§ **Exercise goal**
Only lines holding the word "points" are wanted from the records; copy all of them.

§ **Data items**
=== Section Start ===
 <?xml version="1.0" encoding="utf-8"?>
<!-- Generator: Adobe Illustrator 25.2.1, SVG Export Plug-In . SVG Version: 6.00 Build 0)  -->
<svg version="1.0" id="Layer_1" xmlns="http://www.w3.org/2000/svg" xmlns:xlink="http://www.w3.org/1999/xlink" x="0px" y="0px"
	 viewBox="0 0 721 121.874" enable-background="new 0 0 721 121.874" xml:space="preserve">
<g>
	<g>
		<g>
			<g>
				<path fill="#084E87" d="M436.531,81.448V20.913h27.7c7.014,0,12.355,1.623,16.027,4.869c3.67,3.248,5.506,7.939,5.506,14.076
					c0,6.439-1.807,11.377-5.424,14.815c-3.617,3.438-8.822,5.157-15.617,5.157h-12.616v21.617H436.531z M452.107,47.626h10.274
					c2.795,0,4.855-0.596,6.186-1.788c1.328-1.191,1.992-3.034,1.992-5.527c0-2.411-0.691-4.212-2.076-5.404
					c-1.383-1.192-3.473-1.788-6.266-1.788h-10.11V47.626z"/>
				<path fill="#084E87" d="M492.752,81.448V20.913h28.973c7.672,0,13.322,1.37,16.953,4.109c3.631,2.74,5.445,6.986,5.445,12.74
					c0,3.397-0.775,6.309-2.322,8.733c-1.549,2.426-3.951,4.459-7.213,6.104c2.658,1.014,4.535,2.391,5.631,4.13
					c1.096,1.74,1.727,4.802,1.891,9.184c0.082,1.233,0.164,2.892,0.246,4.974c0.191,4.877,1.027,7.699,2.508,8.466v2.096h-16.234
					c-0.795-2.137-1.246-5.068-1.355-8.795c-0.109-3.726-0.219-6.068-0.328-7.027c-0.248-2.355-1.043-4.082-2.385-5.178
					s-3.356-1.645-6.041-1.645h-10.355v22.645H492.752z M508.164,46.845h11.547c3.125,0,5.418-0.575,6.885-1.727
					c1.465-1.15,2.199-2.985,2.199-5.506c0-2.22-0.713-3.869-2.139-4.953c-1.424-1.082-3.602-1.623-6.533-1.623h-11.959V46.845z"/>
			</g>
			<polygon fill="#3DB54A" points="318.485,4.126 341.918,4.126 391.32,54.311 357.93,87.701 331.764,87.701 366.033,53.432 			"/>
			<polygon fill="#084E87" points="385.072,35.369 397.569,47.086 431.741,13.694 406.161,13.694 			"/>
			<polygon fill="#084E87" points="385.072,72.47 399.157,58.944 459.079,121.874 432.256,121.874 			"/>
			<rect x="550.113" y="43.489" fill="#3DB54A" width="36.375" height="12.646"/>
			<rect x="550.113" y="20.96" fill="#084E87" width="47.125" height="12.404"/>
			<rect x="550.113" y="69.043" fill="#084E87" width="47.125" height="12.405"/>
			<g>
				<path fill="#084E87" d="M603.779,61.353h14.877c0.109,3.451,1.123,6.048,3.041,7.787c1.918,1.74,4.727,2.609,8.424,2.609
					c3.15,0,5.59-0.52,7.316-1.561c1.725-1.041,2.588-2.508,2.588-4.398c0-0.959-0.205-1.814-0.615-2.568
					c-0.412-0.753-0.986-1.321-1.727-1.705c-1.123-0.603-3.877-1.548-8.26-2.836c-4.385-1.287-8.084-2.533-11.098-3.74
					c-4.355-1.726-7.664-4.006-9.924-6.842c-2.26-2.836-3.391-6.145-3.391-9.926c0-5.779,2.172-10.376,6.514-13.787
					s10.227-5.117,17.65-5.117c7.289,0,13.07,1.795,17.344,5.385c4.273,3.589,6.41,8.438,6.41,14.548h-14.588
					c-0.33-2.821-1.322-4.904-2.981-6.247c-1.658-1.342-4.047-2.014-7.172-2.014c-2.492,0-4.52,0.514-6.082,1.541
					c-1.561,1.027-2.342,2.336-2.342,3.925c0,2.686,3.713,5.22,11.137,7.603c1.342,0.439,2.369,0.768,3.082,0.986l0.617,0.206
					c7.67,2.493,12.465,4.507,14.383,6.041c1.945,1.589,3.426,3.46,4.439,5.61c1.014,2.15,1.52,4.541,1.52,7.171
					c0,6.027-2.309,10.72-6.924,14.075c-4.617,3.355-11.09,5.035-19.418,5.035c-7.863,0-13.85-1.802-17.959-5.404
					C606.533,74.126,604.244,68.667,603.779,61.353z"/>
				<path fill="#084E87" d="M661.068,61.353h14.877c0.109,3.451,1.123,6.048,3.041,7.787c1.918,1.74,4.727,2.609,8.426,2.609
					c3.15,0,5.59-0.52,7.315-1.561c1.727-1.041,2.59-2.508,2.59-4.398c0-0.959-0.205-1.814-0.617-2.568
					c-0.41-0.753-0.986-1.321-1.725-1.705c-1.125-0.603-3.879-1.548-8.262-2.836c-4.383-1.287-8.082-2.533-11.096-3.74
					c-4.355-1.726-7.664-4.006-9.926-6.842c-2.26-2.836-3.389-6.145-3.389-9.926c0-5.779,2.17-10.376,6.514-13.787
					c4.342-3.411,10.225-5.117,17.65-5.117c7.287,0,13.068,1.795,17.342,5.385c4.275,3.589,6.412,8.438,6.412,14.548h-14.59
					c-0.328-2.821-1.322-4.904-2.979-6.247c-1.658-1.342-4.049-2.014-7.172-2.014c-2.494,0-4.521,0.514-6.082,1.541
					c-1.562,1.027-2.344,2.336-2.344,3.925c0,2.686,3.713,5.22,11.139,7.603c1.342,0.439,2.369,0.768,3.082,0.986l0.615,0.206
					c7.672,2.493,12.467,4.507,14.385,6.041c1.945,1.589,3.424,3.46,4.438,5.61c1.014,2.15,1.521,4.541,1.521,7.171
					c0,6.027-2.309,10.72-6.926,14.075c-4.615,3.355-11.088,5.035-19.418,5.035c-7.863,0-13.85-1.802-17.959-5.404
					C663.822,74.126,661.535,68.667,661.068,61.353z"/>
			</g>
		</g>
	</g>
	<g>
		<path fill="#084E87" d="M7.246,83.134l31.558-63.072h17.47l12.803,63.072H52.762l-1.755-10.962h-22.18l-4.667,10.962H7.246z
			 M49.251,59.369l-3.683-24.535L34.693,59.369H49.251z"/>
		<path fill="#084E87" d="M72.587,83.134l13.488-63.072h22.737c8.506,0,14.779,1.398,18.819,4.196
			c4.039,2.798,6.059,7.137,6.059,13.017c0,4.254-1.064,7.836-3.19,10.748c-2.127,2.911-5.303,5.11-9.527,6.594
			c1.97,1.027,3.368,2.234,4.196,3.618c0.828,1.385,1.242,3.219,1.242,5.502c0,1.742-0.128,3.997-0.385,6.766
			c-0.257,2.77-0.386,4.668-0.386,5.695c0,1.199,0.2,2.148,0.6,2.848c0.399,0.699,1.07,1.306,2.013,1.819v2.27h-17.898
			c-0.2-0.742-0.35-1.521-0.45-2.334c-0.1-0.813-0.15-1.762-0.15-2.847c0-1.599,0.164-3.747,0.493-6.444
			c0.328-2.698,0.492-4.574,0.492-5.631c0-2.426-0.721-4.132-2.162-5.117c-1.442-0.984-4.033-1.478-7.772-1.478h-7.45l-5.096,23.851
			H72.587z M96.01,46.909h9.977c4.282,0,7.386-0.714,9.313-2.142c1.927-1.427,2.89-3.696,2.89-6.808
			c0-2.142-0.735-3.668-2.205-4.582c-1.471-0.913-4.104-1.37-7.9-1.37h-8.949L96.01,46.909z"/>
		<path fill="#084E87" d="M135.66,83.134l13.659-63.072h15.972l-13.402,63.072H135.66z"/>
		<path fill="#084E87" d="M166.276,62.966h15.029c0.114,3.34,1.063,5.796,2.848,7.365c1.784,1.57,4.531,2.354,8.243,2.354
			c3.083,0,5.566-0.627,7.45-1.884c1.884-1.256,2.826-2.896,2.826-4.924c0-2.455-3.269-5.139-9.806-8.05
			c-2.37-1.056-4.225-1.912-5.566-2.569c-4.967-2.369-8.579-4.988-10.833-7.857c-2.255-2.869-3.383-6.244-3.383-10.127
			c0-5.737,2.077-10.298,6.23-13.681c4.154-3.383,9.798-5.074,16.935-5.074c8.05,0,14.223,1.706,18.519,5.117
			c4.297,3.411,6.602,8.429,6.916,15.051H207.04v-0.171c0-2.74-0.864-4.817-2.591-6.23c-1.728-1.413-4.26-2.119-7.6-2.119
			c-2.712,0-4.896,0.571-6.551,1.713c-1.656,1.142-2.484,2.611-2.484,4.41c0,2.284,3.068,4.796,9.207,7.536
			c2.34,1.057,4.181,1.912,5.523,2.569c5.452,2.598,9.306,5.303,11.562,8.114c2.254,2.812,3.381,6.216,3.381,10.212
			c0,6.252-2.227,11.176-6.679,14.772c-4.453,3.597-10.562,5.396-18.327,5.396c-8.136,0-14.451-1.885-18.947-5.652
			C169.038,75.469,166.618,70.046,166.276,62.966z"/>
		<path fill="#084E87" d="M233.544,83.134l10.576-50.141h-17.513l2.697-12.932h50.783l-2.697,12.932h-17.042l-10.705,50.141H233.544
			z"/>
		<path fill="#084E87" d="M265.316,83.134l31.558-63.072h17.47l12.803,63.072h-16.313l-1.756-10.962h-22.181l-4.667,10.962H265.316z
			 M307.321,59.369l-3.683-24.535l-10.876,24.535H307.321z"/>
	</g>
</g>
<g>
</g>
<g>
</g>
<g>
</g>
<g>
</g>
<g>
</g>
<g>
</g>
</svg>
=== Section End ===
=== Section Start ===
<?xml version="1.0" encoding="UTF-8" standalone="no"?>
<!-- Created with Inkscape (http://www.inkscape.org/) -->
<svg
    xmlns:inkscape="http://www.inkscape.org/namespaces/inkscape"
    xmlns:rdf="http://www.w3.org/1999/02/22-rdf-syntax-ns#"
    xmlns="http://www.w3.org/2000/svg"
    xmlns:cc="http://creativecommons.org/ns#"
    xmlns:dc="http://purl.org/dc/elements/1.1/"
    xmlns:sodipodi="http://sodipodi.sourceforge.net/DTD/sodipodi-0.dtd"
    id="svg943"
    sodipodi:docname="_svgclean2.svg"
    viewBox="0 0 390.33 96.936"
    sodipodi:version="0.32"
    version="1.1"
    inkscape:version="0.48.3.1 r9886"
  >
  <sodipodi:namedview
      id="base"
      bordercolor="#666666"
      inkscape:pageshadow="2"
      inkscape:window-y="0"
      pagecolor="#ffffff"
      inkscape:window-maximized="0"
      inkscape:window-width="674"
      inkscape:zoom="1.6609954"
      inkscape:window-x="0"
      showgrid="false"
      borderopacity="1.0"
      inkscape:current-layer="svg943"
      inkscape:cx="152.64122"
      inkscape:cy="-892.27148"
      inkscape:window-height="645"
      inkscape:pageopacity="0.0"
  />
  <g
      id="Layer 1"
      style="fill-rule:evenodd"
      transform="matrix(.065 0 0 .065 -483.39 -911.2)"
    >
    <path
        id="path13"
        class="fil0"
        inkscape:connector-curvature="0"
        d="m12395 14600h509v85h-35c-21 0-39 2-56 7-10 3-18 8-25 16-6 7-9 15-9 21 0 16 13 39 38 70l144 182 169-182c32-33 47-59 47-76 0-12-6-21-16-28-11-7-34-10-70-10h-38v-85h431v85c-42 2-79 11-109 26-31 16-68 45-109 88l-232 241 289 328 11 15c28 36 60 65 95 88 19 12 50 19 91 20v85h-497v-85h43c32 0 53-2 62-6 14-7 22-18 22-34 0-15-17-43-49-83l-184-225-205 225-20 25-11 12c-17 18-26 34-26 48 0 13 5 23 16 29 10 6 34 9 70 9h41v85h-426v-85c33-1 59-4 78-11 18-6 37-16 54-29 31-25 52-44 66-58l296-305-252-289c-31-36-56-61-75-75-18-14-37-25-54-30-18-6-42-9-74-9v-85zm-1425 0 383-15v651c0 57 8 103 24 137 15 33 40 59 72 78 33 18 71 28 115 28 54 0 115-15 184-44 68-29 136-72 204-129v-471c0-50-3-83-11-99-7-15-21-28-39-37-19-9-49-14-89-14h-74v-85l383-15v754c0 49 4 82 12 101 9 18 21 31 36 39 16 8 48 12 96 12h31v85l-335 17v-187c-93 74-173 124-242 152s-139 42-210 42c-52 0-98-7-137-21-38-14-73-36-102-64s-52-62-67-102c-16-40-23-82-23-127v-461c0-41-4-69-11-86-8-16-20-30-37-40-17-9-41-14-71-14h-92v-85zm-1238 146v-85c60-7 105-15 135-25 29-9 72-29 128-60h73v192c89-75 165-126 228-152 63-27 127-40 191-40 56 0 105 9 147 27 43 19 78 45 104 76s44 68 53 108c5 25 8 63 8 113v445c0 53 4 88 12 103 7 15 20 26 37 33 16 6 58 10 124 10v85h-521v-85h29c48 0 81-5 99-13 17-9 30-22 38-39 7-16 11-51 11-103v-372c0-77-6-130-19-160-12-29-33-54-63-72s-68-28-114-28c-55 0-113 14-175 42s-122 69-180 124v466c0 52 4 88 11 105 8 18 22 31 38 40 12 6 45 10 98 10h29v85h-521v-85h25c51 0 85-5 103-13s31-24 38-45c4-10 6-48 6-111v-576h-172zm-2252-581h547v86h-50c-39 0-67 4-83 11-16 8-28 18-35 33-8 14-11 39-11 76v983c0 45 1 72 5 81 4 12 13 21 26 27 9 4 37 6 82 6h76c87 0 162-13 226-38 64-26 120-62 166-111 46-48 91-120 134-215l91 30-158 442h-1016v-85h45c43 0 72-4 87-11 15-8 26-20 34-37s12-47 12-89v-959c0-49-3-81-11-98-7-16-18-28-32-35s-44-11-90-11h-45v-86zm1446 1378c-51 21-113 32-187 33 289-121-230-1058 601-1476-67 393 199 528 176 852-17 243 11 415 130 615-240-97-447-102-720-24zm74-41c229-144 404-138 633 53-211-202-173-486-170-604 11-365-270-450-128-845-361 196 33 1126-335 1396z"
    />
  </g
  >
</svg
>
=== Section End ===
§ **Solution to the problem**
			<polygon fill="#3DB54A" points="318.485,4.126 341.918,4.126 391.32,54.311 357.93,87.701 331.764,87.701 366.033,53.432 			"/>
			<polygon fill="#084E87" points="385.072,35.369 397.569,47.086 431.741,13.694 406.161,13.694 			"/>
			<polygon fill="#084E87" points="385.072,72.47 399.157,58.944 459.079,121.874 432.256,121.874 			"/>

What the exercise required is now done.